Saved data entries:
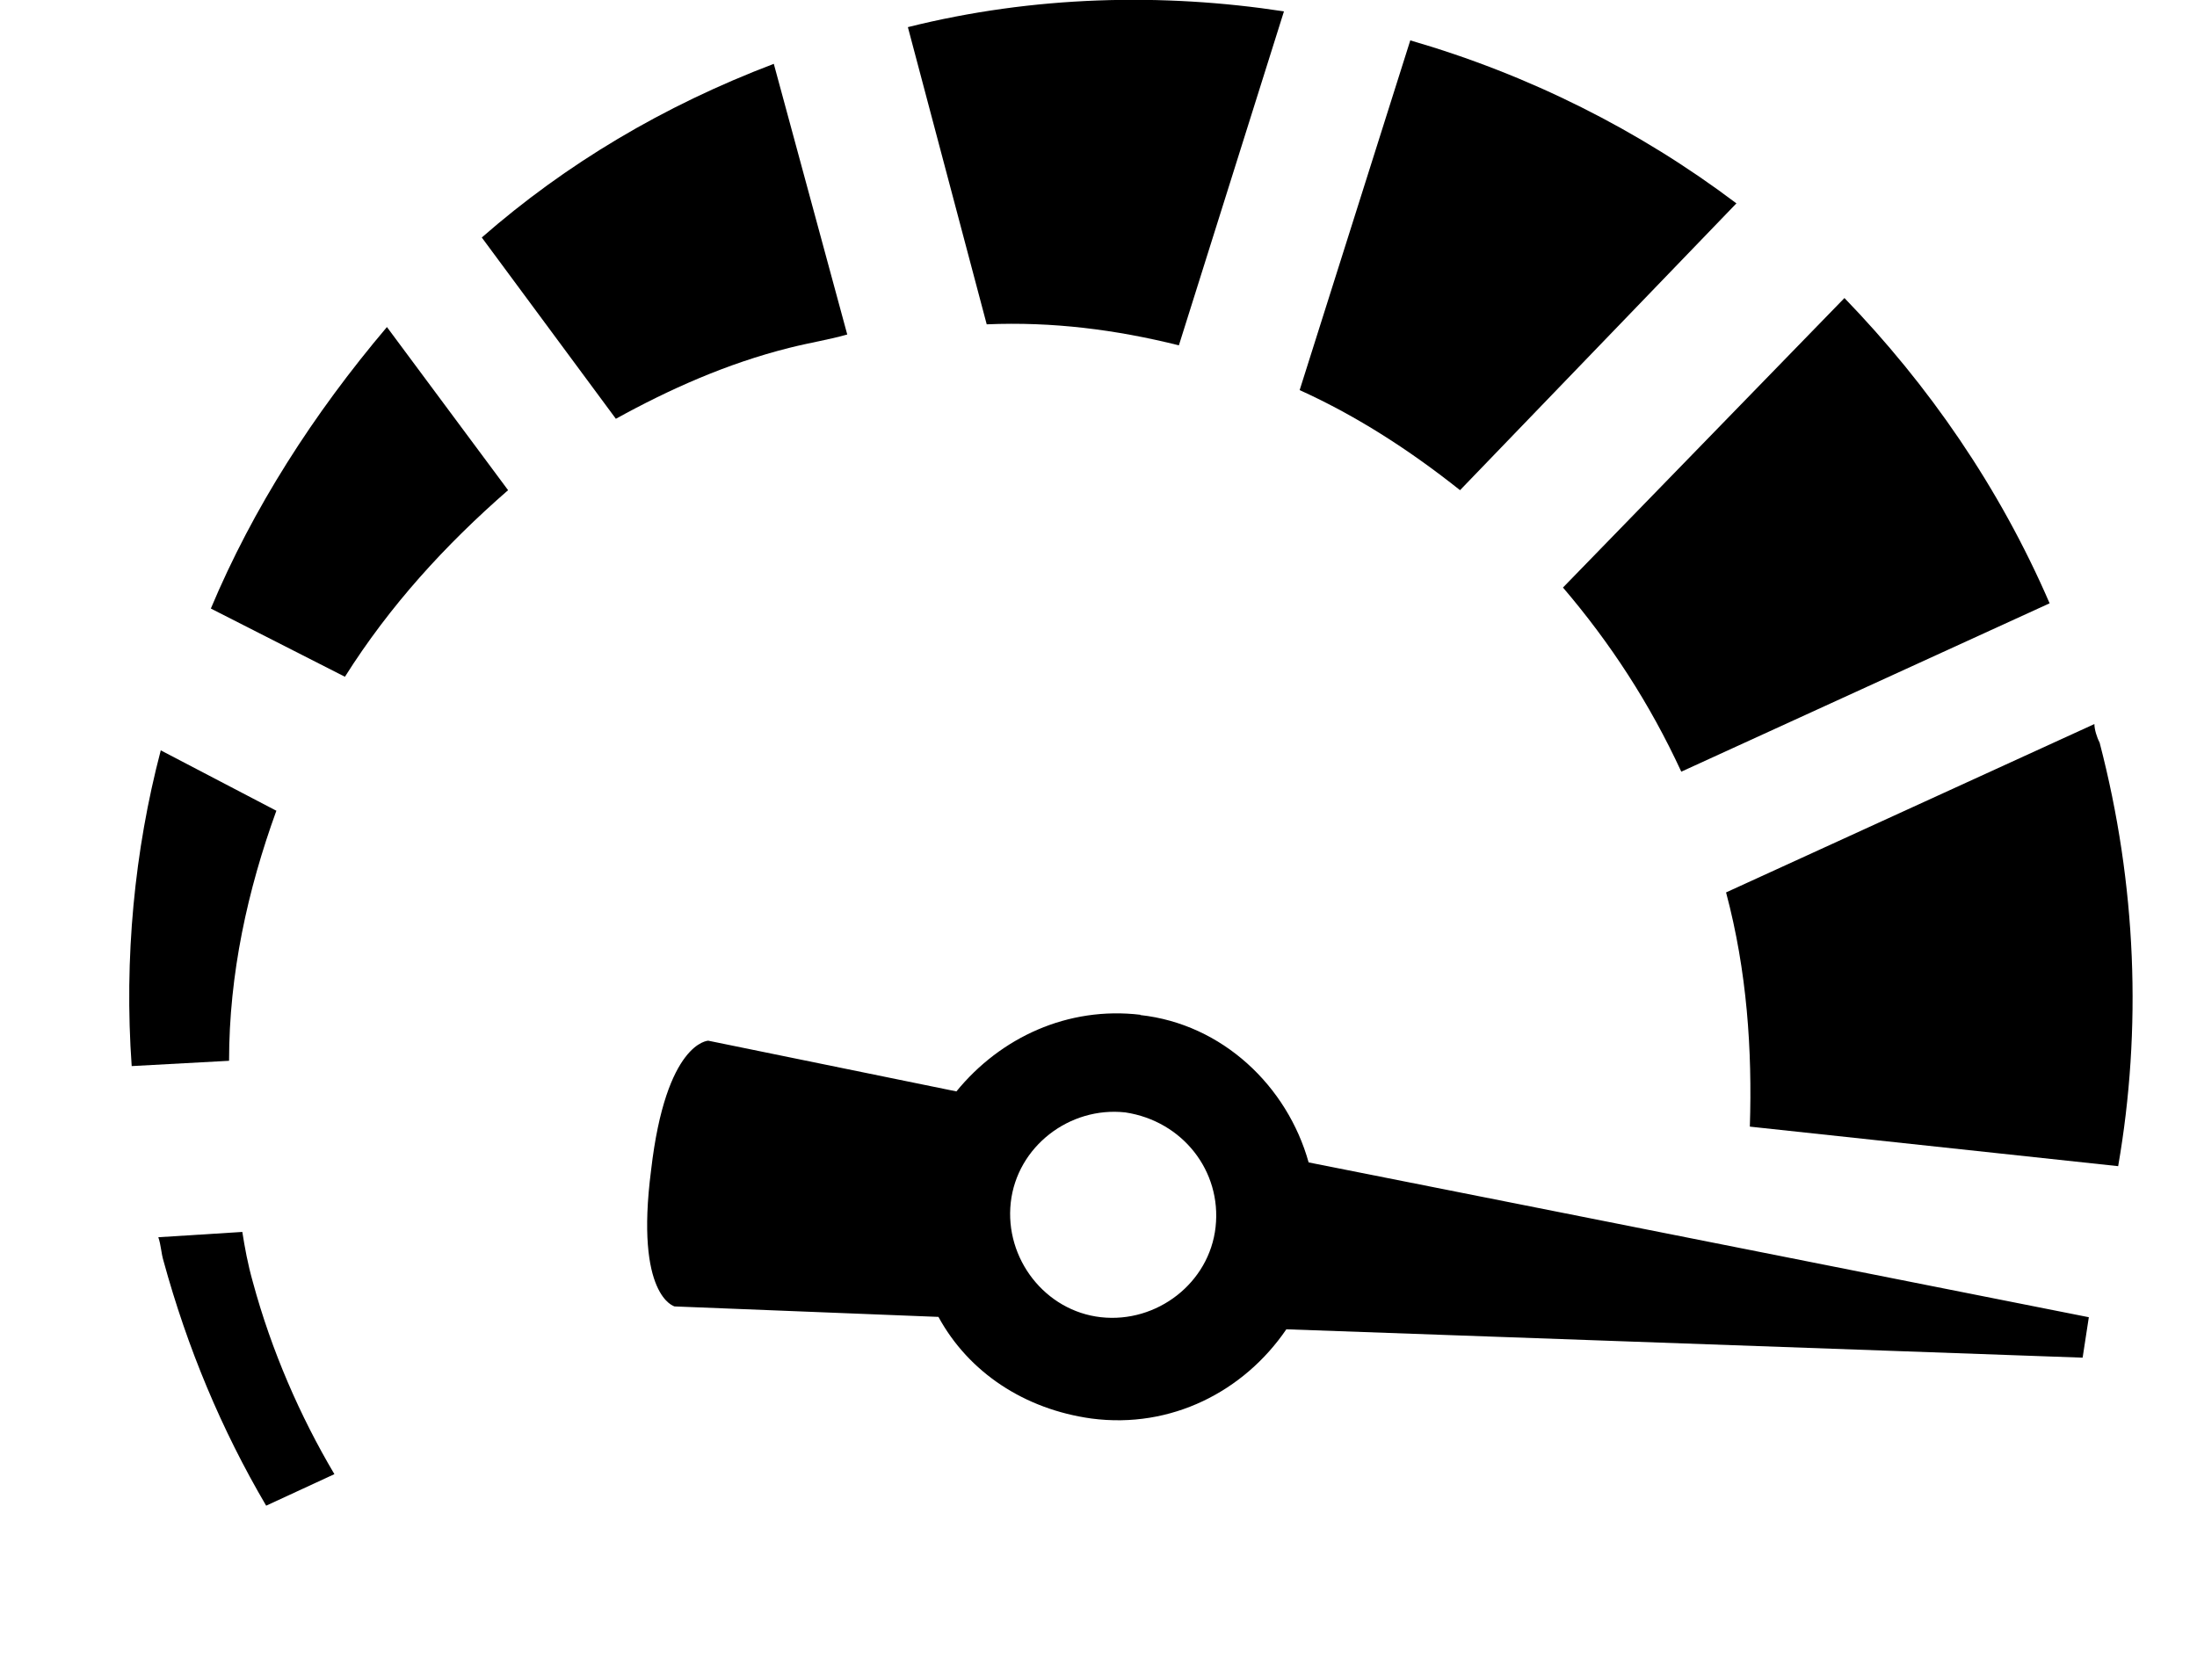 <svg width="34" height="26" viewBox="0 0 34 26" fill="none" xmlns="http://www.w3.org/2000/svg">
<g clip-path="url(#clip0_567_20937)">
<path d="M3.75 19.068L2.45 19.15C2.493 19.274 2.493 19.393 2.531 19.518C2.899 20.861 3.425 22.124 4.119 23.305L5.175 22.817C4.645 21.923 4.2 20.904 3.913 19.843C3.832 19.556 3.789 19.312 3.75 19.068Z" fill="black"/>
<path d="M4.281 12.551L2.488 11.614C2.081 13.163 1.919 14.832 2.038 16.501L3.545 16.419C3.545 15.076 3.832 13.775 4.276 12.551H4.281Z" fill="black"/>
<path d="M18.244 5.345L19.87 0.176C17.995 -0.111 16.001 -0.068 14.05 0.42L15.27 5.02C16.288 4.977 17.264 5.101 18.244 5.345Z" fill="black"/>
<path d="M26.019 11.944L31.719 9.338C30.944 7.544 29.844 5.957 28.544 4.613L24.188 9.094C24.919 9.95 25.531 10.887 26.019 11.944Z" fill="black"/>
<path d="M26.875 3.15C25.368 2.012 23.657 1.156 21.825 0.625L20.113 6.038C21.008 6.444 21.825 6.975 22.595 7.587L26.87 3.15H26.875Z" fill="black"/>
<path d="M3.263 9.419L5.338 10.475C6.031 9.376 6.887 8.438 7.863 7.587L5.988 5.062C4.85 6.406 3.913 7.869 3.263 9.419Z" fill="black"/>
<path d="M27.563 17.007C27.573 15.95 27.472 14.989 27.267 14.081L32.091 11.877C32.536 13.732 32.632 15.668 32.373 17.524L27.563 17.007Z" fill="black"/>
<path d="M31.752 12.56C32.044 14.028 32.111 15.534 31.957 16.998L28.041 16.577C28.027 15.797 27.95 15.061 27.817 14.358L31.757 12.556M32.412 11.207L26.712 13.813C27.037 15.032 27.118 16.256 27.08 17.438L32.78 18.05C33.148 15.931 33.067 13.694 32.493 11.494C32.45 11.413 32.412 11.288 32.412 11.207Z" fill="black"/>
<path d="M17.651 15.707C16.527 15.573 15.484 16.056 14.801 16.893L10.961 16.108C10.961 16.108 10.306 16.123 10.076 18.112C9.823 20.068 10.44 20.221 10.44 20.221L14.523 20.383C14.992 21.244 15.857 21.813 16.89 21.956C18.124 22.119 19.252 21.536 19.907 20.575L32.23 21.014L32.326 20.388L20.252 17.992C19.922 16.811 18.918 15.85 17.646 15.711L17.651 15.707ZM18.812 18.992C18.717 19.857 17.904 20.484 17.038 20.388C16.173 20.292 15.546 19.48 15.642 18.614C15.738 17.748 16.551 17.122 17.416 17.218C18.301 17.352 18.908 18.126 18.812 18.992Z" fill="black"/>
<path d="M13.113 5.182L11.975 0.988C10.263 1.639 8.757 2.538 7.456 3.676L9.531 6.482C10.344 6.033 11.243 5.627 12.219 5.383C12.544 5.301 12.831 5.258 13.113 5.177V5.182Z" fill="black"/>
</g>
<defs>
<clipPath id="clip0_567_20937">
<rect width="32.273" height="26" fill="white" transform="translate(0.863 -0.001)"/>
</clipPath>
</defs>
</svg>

TASK BRIEF: Return exactly, and only, the lines above starting at the line that contains "19.068L2.45 19.15C2.493 19.274" and ending at the line that contains "11.944L31.719 9.338C30.944 7.544".

RESPONSE AREA:
<path d="M3.75 19.068L2.45 19.15C2.493 19.274 2.493 19.393 2.531 19.518C2.899 20.861 3.425 22.124 4.119 23.305L5.175 22.817C4.645 21.923 4.2 20.904 3.913 19.843C3.832 19.556 3.789 19.312 3.75 19.068Z" fill="black"/>
<path d="M4.281 12.551L2.488 11.614C2.081 13.163 1.919 14.832 2.038 16.501L3.545 16.419C3.545 15.076 3.832 13.775 4.276 12.551H4.281Z" fill="black"/>
<path d="M18.244 5.345L19.87 0.176C17.995 -0.111 16.001 -0.068 14.05 0.42L15.27 5.02C16.288 4.977 17.264 5.101 18.244 5.345Z" fill="black"/>
<path d="M26.019 11.944L31.719 9.338C30.944 7.544 29.844 5.957 28.544 4.613L24.188 9.094C24.919 9.95 25.531 10.887 26.019 11.944Z" fill="black"/>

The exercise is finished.